Dans son extase, Cléopâtre morte, entourée d'un chat et d'un serpent, montre des alanguissemenpts proches de ceux de la Sainte-Thérèse de Bernini. La madone qui trône dans l'escalier possède des puretés romanes. « J'aimerai la donner à l'église de Villebret », indique l'auteur. L'allégorie et la symbolique médiévales traversent certaines de ses stèles. La métamorphose en est un thème récurent. Dans « L'histoire de la femme », le sculpteur a suivi les différents âges de ses divinités. Dans une Résurrection, le personnage christique qui surgit de terre est entouré d'une foisonnante galerie de personnages qui se fondent les uns dans les autres. Dans cette femme, Vito Imburgia mis les traits de sa mère, Maria; dans cet homme, le profil de son père, Salvatore.

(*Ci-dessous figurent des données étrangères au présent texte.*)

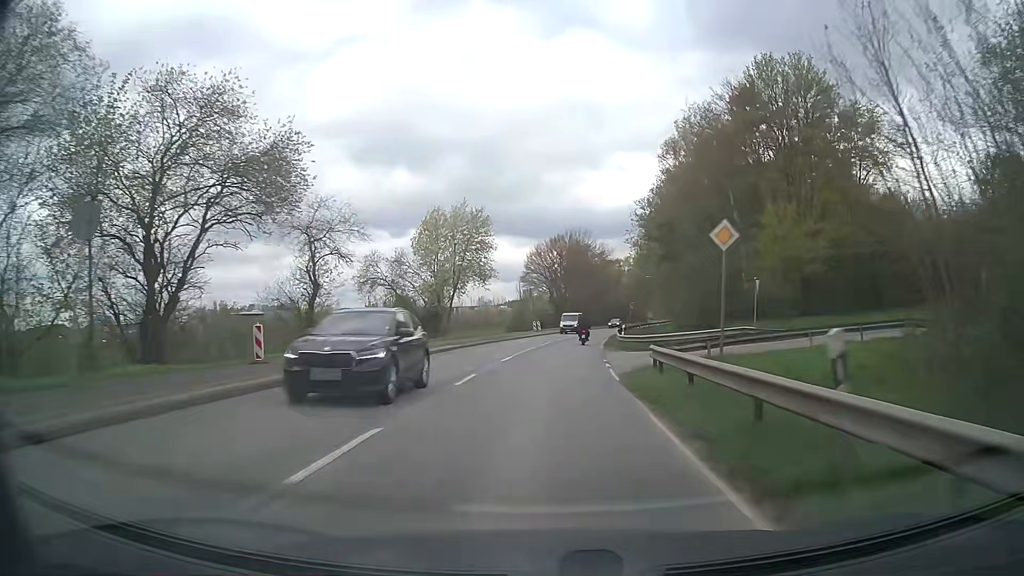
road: secondary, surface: asphalt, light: Day
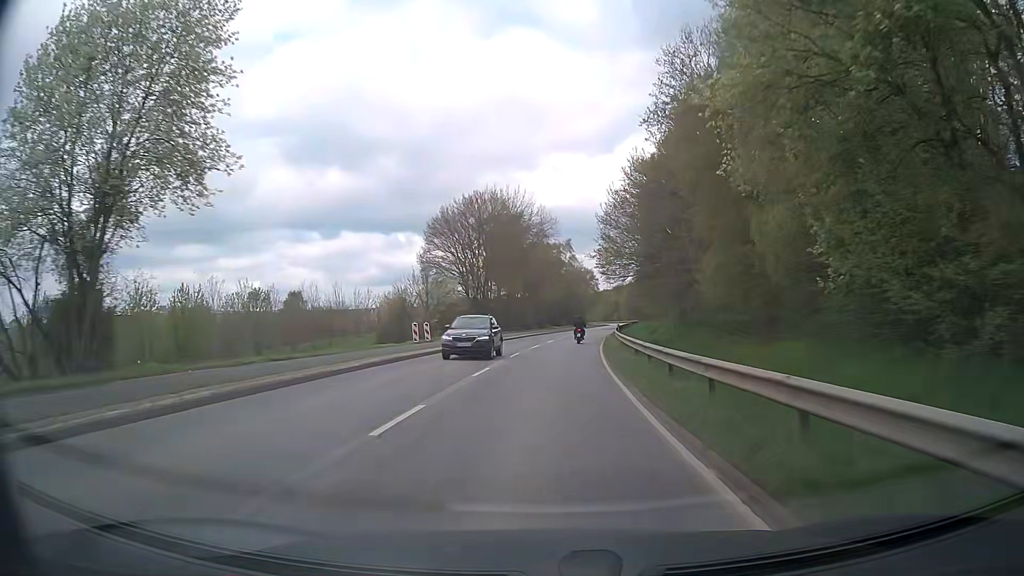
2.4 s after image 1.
(+2.3, +42.3) m; +6°
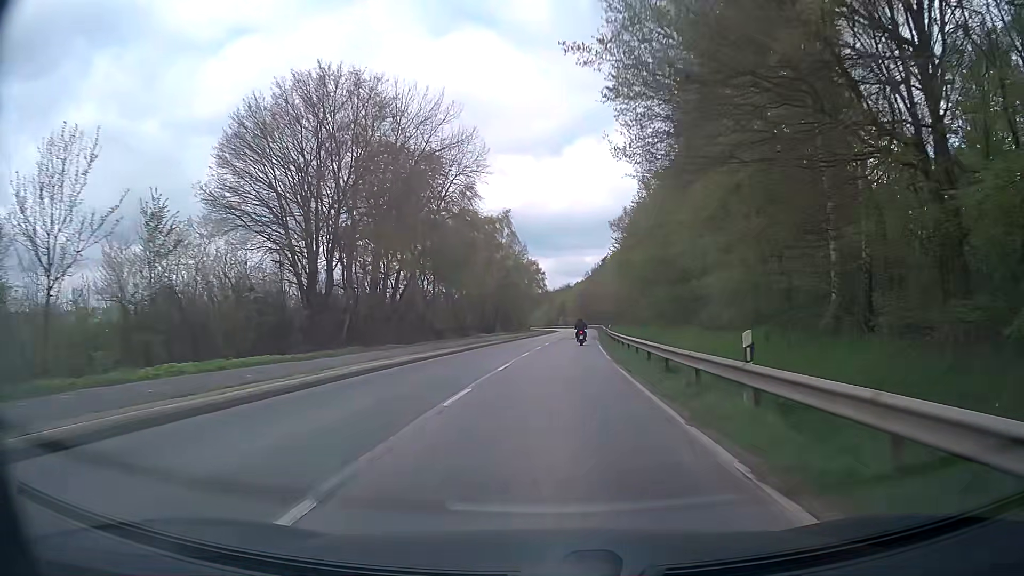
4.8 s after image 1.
(+2.0, +41.8) m; +5°
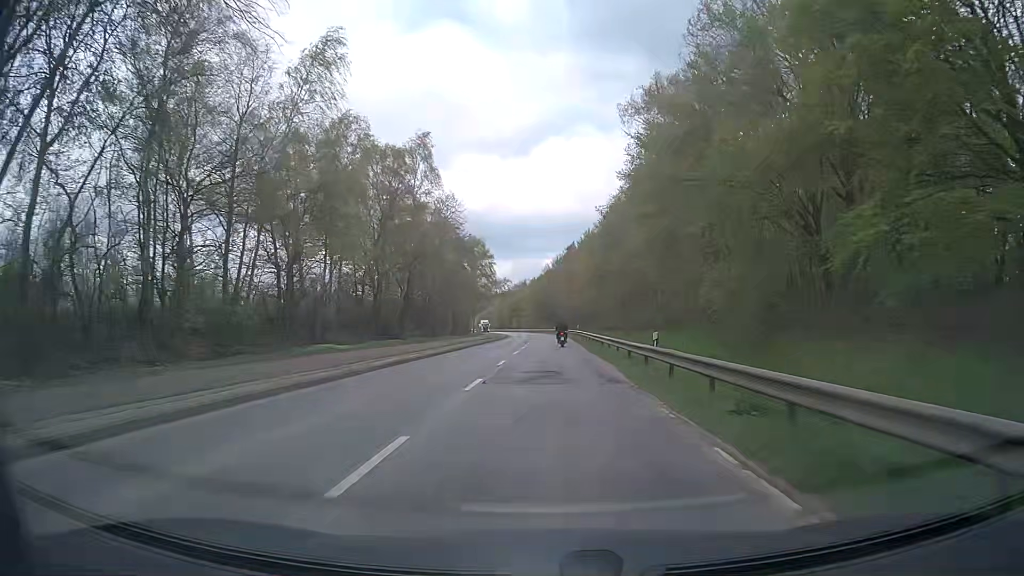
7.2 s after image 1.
(+1.7, +41.7) m; +4°
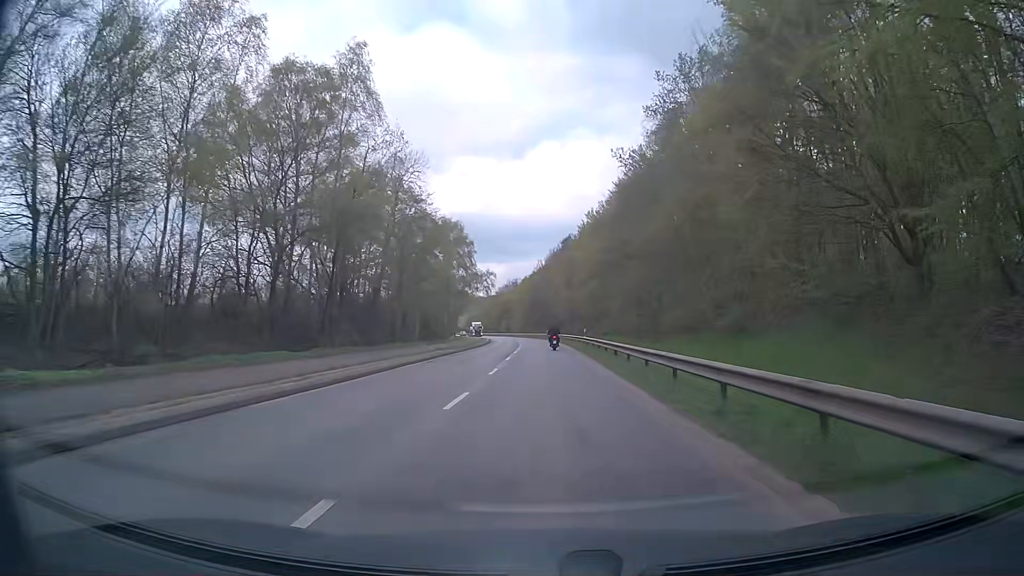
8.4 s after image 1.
(0.0, +21.0) m; 0°
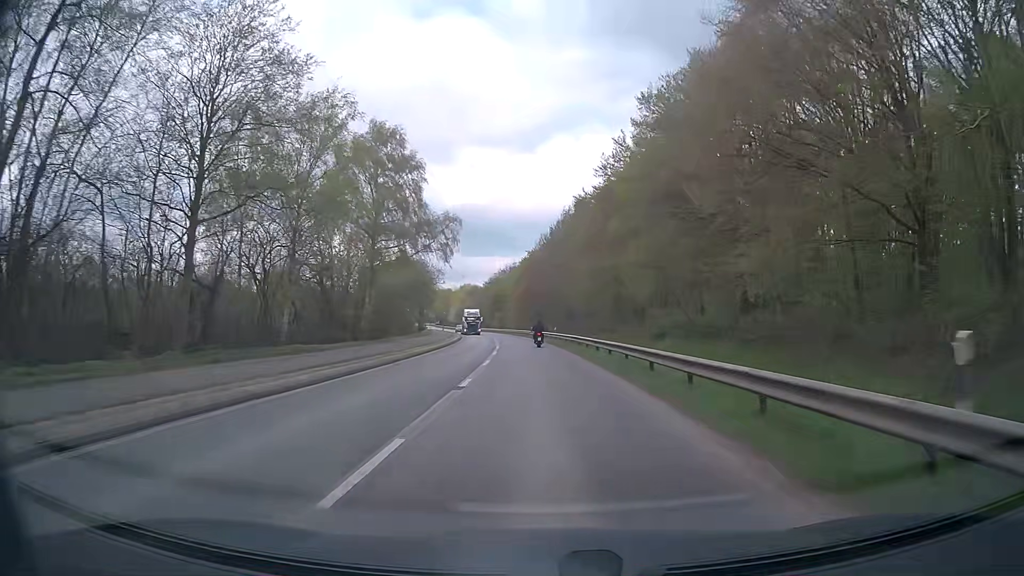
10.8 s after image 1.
(+0.4, +42.3) m; 0°
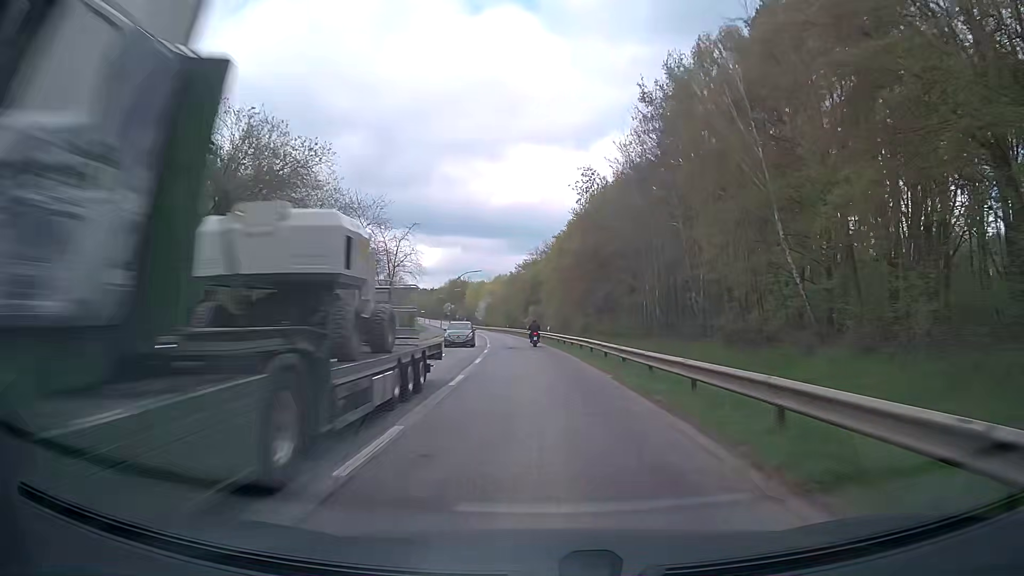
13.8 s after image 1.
(-1.6, +53.3) m; -4°
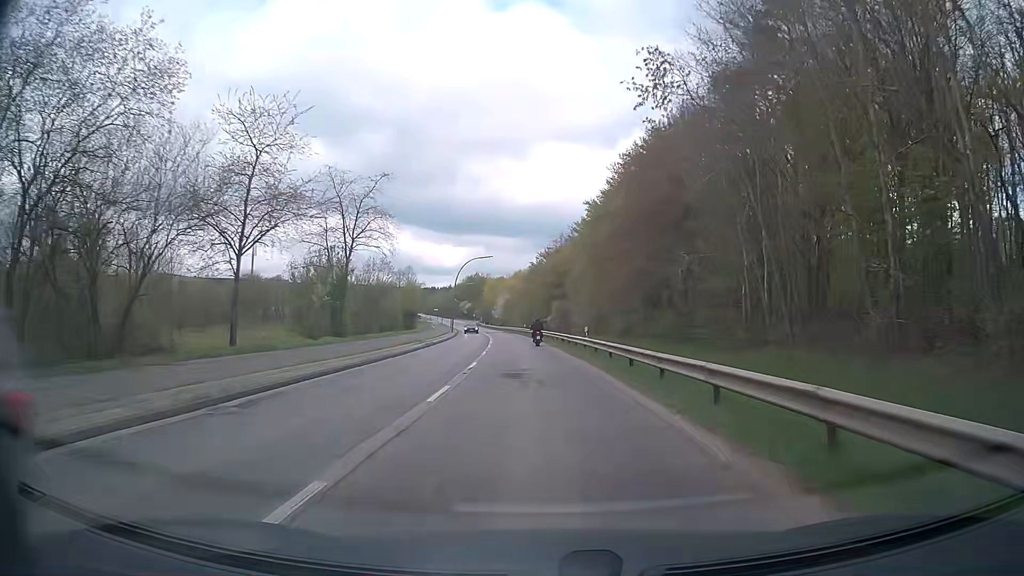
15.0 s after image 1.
(-0.3, +21.4) m; -2°
(0, +10) (0, +20) (-1, +30) (-1, +40) (-2, +50) (-2, +60) (-3, +70) (-4, +80) (-5, +90) (-7, +100) m

Le sculpteur est un brouilleur de pistes. « J'aime les sculpteurs classiques, mais j'aime aussi César et ses compressions» revendique t-il. Avec « Adam et Eve chassés du paradis » le sculpteur s'est affranchi des repères antiques et romans. Dans ce galet des rivages siciliens il a stylisé à l'extrême une maternité. Dans son jardin il a aussi installé de ludiques compositions abstraites
Agé de 65 ans, Vito Imburgia a aujourd'hui toute latitude pour pouvoir se laisser porter par la fièvre qui quelquefois le gagne : « lors de certains moments intenses, il m'arrive de sculpter de l'aube jusqu'au crépuscule. Puis je connais des moments d'accalmie... Mais je ne sculpte que lorsque je ne fais pas de poésie», confie-t-il. Pour brouiller tout à fait les pistes.
 
Jean-Marc LAURENT.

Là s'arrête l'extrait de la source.